Background technology
Mikrobe particularly fungi has the ability of very strong decomposition and inversion material; And can produce abundant secondary metabolite, through microbial fermentation herbal medicine and general physical or chemical process method mutually specific energy change the property of medicine significantly, the raising curative effect; Reduce toxic side effect, enlarge indication.Utilize the endogenetic fungus in the plant that Chinese medicine is fermented; Because some material of Chinese medicine possibly have promotion or restraining effect to microbial growth and metabolism; Generation to activeconstituents also has promotion or restraining effect; Mikrobe also possibly change the pathways metabolism of self in the particular surroundings of Chinese medicine; Thereby form new activeconstituents or change the mutual ratio of each activeconstituents, therefore utilize the endogenetic fungus that from medicinal plant, is separated to produce the research tendency that active substances has become current scholar next life.
Summary of the invention
The invention provides strain fermentation Radix Glycyrrhizae and improve the endogenetic fungus of glycyrrhetinic acid content.
The present invention Radix Glycyrrhizae of fermenting is improved the endogenetic fungus of glycyrrhetinic acid content; It is aspergillus versicolor (Aspergillus versicolor) RE4; In China's typical culture collection center preservation; Deposit number is CCTCC No:M 2012045, and the preservation address is a Wuhan City Wuhan University, and preservation date is on February 29th, 2012; It is after cultivating 7d on the PDA solid medium, and colony diameter is 12~14cm, and bacterium colony is a white, fades to greyish-green, and matrix is pale brown look; The mycelia comparatively dense is panniform, and colony edge is neat, is close to substratum; Produce conidium, conidial head is spherical in shape, and conidium Dan Sheng is unicellular.
The present invention Radix Glycyrrhizae of fermenting is improved the endogenetic fungus of glycyrrhetinic acid content; It is aspergillus versicolor (Aspergillus versicolor) RE4; Its ITS sequence is committed to the NCBI webpage, through Blast search and the high sequence of resulting sequence similarity, and through MEGA5.03 software building systematic evolution tree; The ITS sequence of RE4 bacterial strain and Aspergillus bacterium (Aspergillus versicolor; Numbering JN545818.1) similarity of bacterial strain has all reached more than 98%, and combining form is learned observations, confirms that endogenetic fungus RE4 is aspergillus versicolor (Aspergillus versicolor).

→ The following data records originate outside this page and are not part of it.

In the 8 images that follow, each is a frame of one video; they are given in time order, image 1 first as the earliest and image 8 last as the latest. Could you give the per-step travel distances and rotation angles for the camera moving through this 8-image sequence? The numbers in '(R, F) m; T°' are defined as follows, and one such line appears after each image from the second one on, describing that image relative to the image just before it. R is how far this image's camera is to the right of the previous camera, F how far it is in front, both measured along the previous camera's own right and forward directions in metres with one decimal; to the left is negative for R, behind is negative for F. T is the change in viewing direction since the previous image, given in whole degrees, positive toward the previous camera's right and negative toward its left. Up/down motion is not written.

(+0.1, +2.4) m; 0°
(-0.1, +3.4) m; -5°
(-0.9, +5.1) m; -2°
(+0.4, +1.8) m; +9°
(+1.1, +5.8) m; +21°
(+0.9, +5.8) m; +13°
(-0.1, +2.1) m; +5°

The present invention Radix Glycyrrhizae of fermenting is improved the endogenetic fungus of glycyrrhetinic acid content; It is aspergillus versicolor (Aspergillus versicolor) RE4; In China's typical culture collection center preservation; Deposit number is CCTCC No:M 2012045, and the preservation address is a Wuhan City Wuhan University, and preservation date is on February 29th, 2012.
The present invention Radix Glycyrrhizae of fermenting is improved the endogenetic fungus of glycyrrhetinic acid content, and it be aspergillus versicolor (Aspergillus versicolor) RE4, can be that substrate ferments to it with the Radix Glycyrrhizae, main active ingredient---the content of glycyrrhetinic acid in the raising Radix Glycyrrhizae.

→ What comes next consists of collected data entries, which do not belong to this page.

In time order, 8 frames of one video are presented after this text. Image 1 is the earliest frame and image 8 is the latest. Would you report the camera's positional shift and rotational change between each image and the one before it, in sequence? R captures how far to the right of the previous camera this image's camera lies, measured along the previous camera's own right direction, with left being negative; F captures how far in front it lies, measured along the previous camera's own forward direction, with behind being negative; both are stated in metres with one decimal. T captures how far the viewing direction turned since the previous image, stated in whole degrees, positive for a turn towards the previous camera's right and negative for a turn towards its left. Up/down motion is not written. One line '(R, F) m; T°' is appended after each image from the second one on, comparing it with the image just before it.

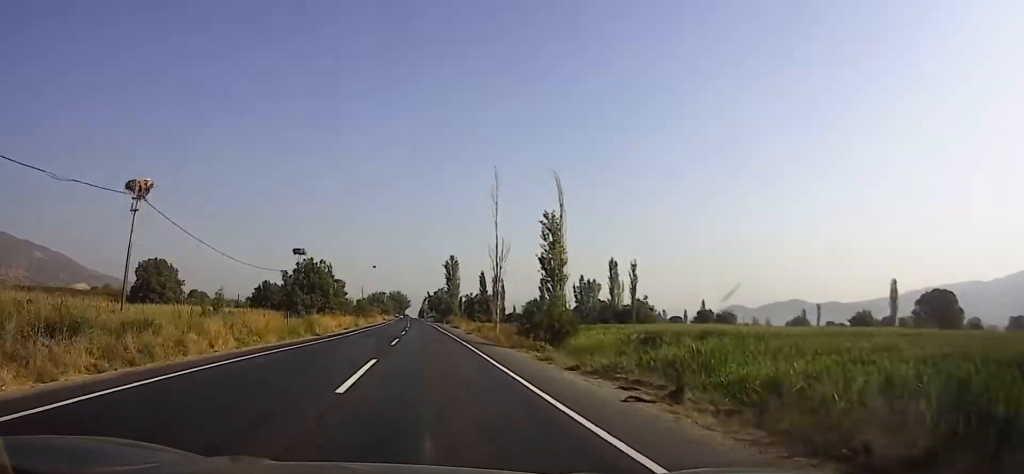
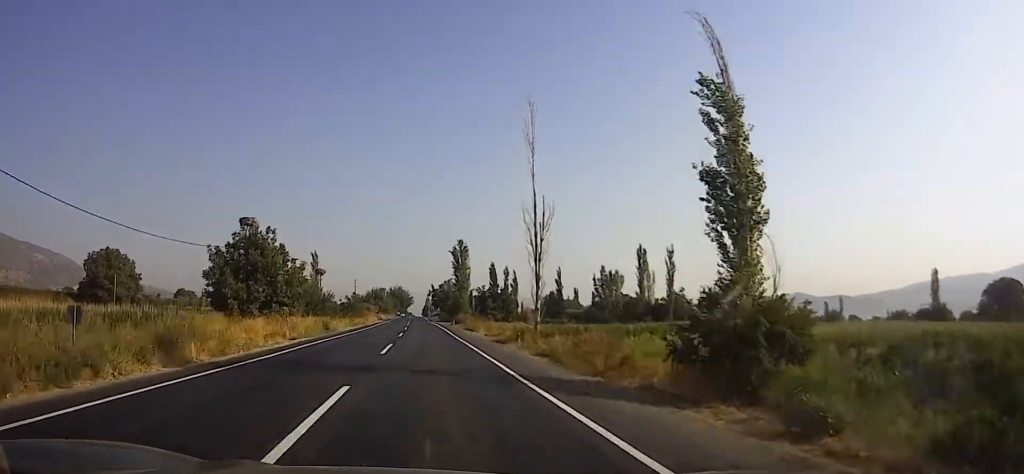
(-0.5, +22.8) m; -1°
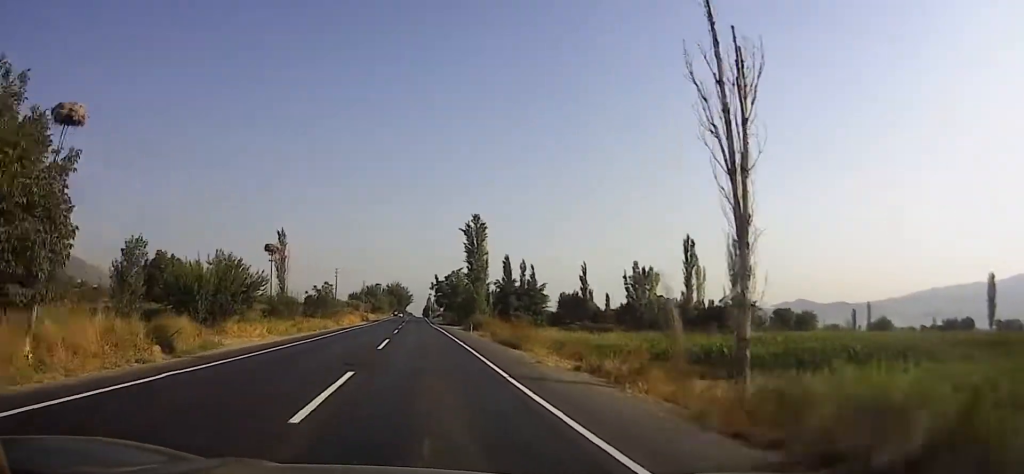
(-0.3, +29.9) m; -1°
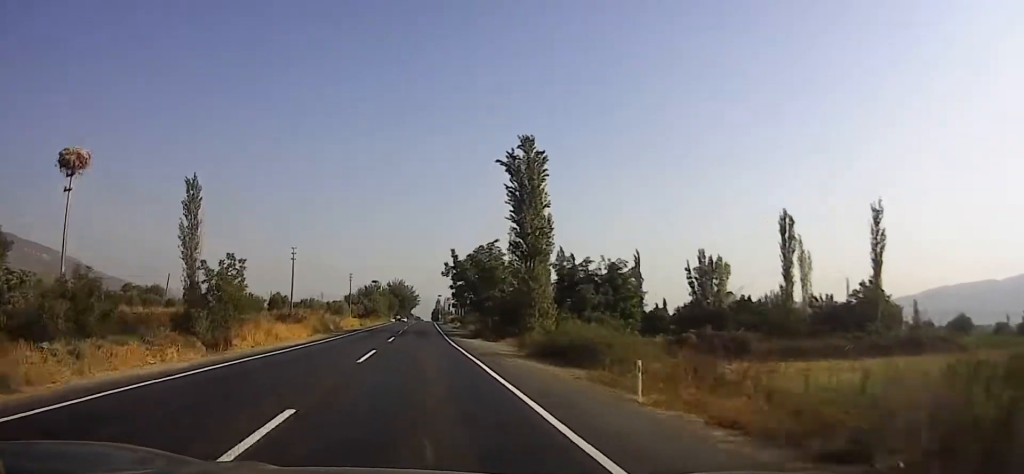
(-0.6, +38.9) m; -1°
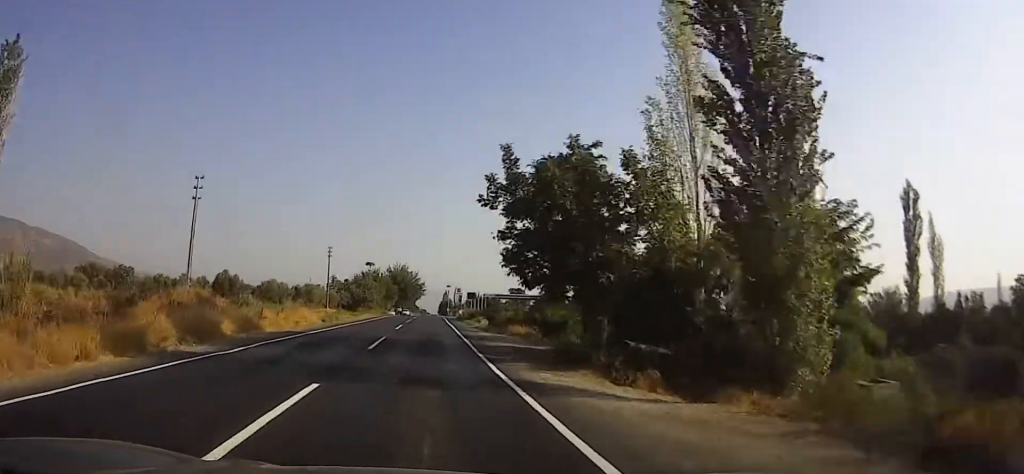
(-0.1, +31.1) m; 0°
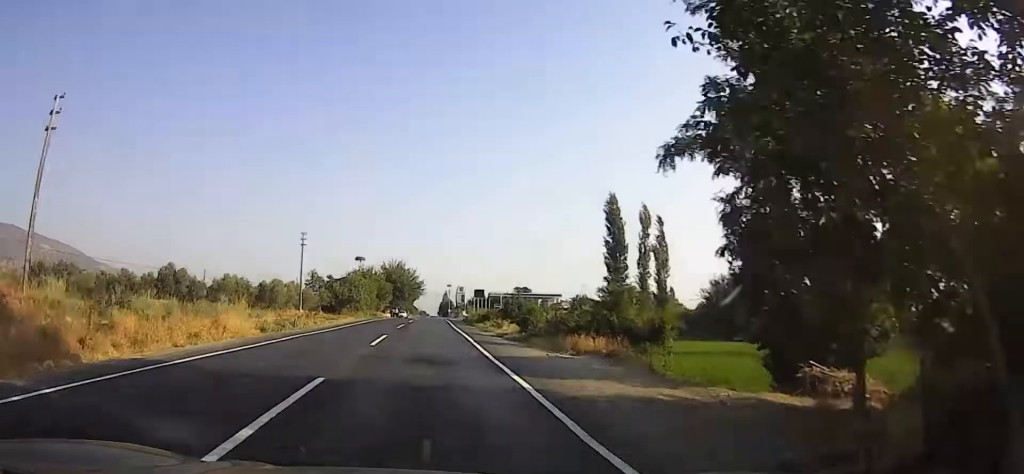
(0.0, +17.6) m; 0°
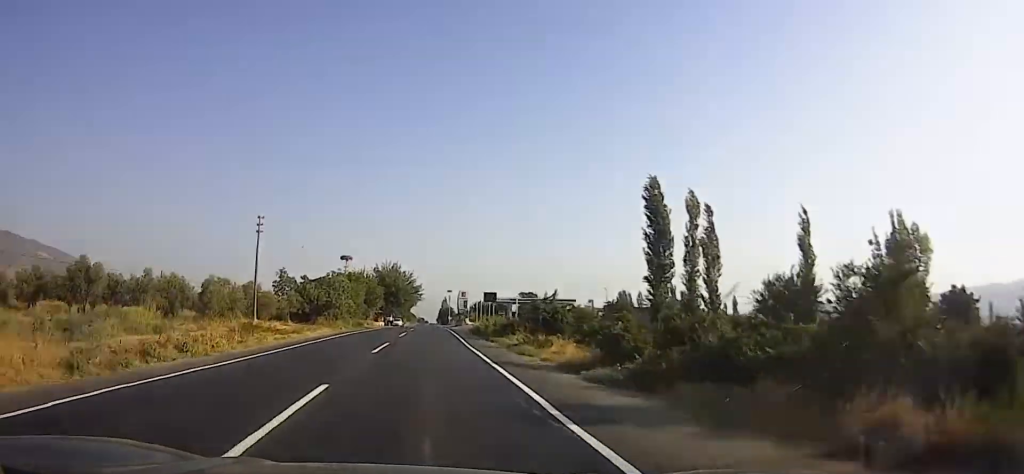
(-0.1, +17.8) m; 0°
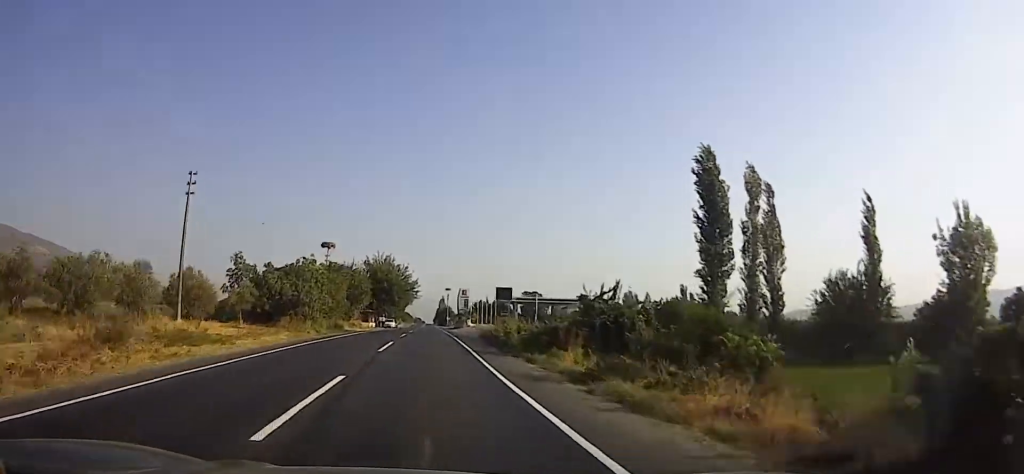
(+0.1, +14.1) m; +1°

The present invention utilizes the endogenetic fungus RE4 of microbiological pharmacy means extraction separation Radix Glycyrrhizae healthy plant; With the Radix Glycyrrhizae is that substrate ferments; Adopting the HPLC method is the content of glycyrrhetinic acid behind the analysis means mensuration Radix Glycyrrhizae endogenetic fungus RE4 fermentation Radix Glycyrrhizae, at last endogenetic fungus RE4 bacterial strain is identified its kind through morphological observation and 18S rDNA sequential analysis.

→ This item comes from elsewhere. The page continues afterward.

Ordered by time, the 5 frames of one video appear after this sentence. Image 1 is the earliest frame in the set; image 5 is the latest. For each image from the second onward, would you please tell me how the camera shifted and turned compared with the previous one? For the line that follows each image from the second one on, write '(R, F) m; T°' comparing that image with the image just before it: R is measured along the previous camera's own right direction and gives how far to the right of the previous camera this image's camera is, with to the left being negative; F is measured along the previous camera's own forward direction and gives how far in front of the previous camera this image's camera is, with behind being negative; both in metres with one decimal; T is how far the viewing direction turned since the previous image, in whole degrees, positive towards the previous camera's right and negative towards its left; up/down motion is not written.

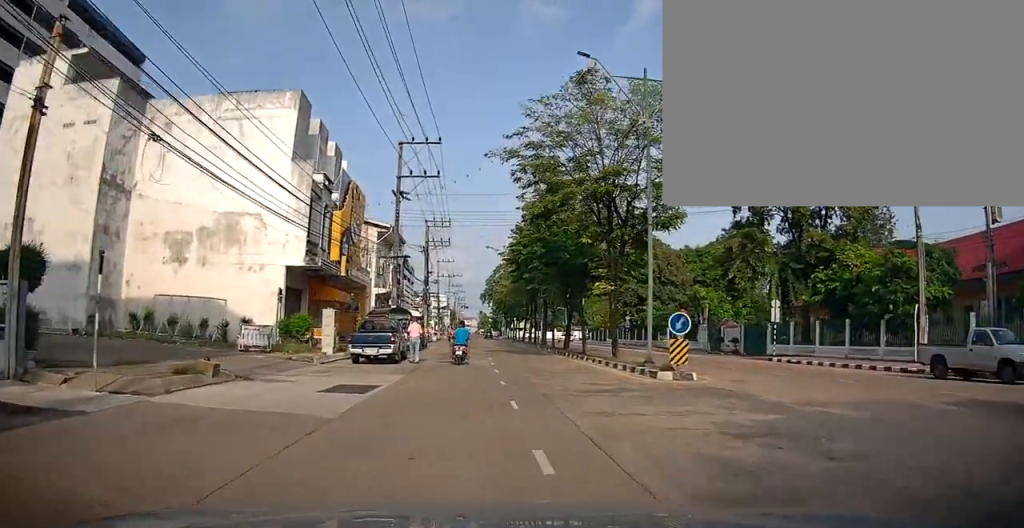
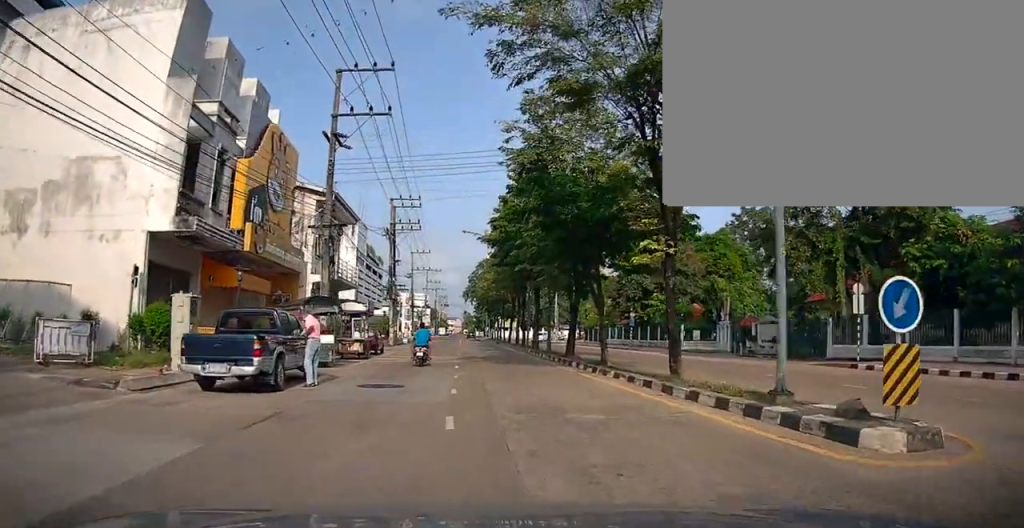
(+0.1, +10.1) m; 0°
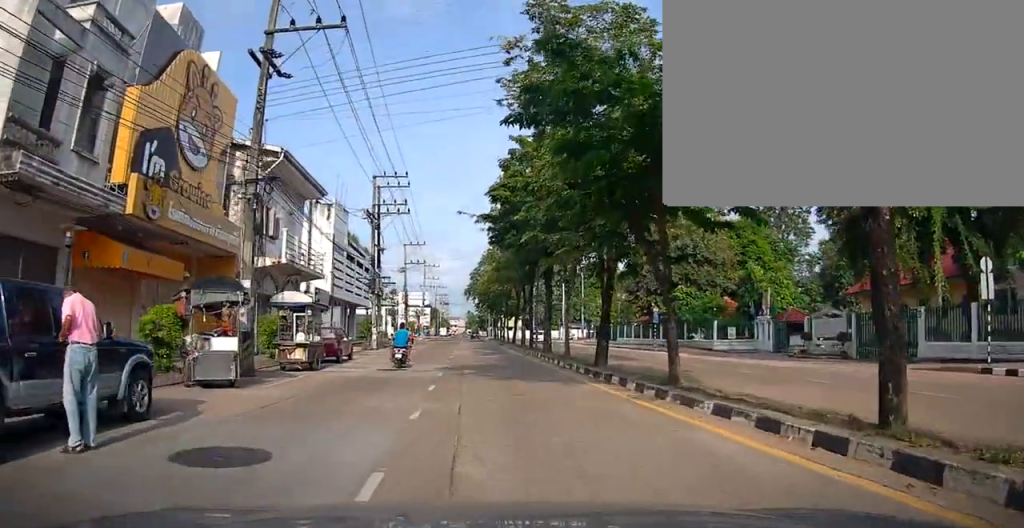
(0.0, +7.5) m; -1°
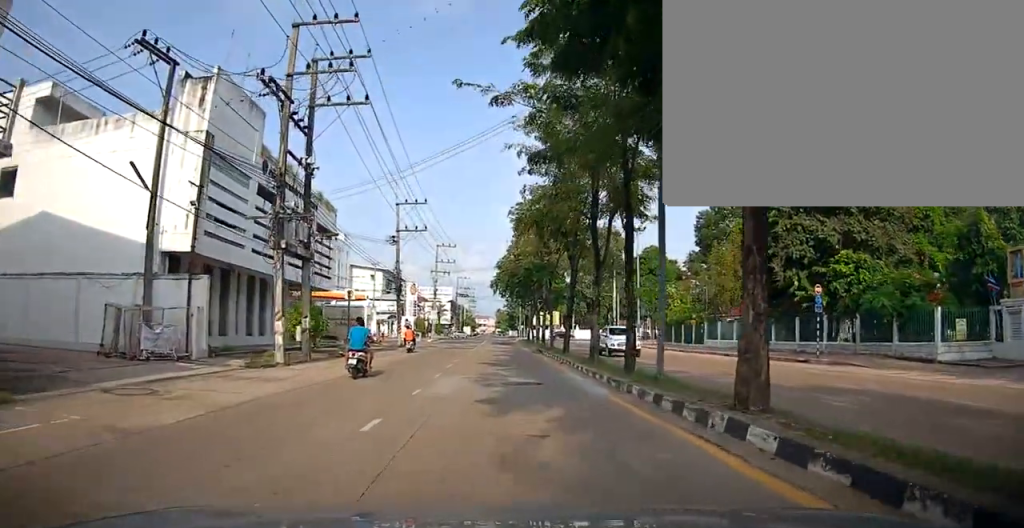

This strain among the present invention can improve the endogenetic fungus RE4 of glycyrrhetinic acid through the fermentation Radix Glycyrrhizae; It is aspergillus versicolor (Aspergillus versicolor); It is that substrate ferments to it glycyrrhetinic acid content in Radix Glycyrrhizae is significantly raise with the Radix Glycyrrhizae; Glycyrrhetinic acid is classical anti-inflammatory drug, and widespread use in fields such as medical makeup at present also has anti-cancer and antitumous effect; The present invention has directive significance to adopting endogenetic fungus RE4 fermentation Radix Glycyrrhizae to produce glycyrrhetinic acid.
Description of drawings
Fig. 1 is the spore micro-structure diagram of aspergillus versicolor in the embodiment one (Aspergillus versicolor) RE4;
Fig. 2 is the electrophorogram of the pcr amplification of aspergillus versicolor in the embodiment one (Aspergillus versicolor) RE4, and wherein the M swimming lane is represented Marker, and 1 swimming lane is represented RE4;
Fig. 3 is the phyletic evolution tree graph of aspergillus versicolor in the embodiment one (Aspergillus versicolor) RE4;
Fig. 4 is the HPLC color atlas of glycyrrhetinic acid reference substance in the embodiment one, wherein 1 expression glycyrrhetinic acid;
Fig. 5 is the HPLC color atlas of Radix Glycyrrhizae in the embodiment one, wherein 1 expression glycyrrhetinic acid;
Fig. 6 is the HPLC color atlas that Radix Glycyrrhizae adds glycyrrhetinic acid behind the reference substance in the embodiment one, and wherein 1 expression adds glycyrrhetinic acid behind the reference substance;
Fig. 7 is the HPLC color atlas of glycyrrhetinic acid behind the RE4 fermentation Radix Glycyrrhizae in the embodiment one, and wherein 1 expression adds glycyrrhetinic acid behind the reference substance.
Embodiment
Embodiment one: this embodiment fermentation Radix Glycyrrhizae is improved the endogenetic fungus of glycyrrhetinic acid content; It is aspergillus versicolor (Aspergillus versicolor) RE4; In China's typical culture collection center preservation; Deposit number is CCTCC No:M 2012045, and the preservation address is a Wuhan City Wuhan University, and preservation date is on February 29th, 2012.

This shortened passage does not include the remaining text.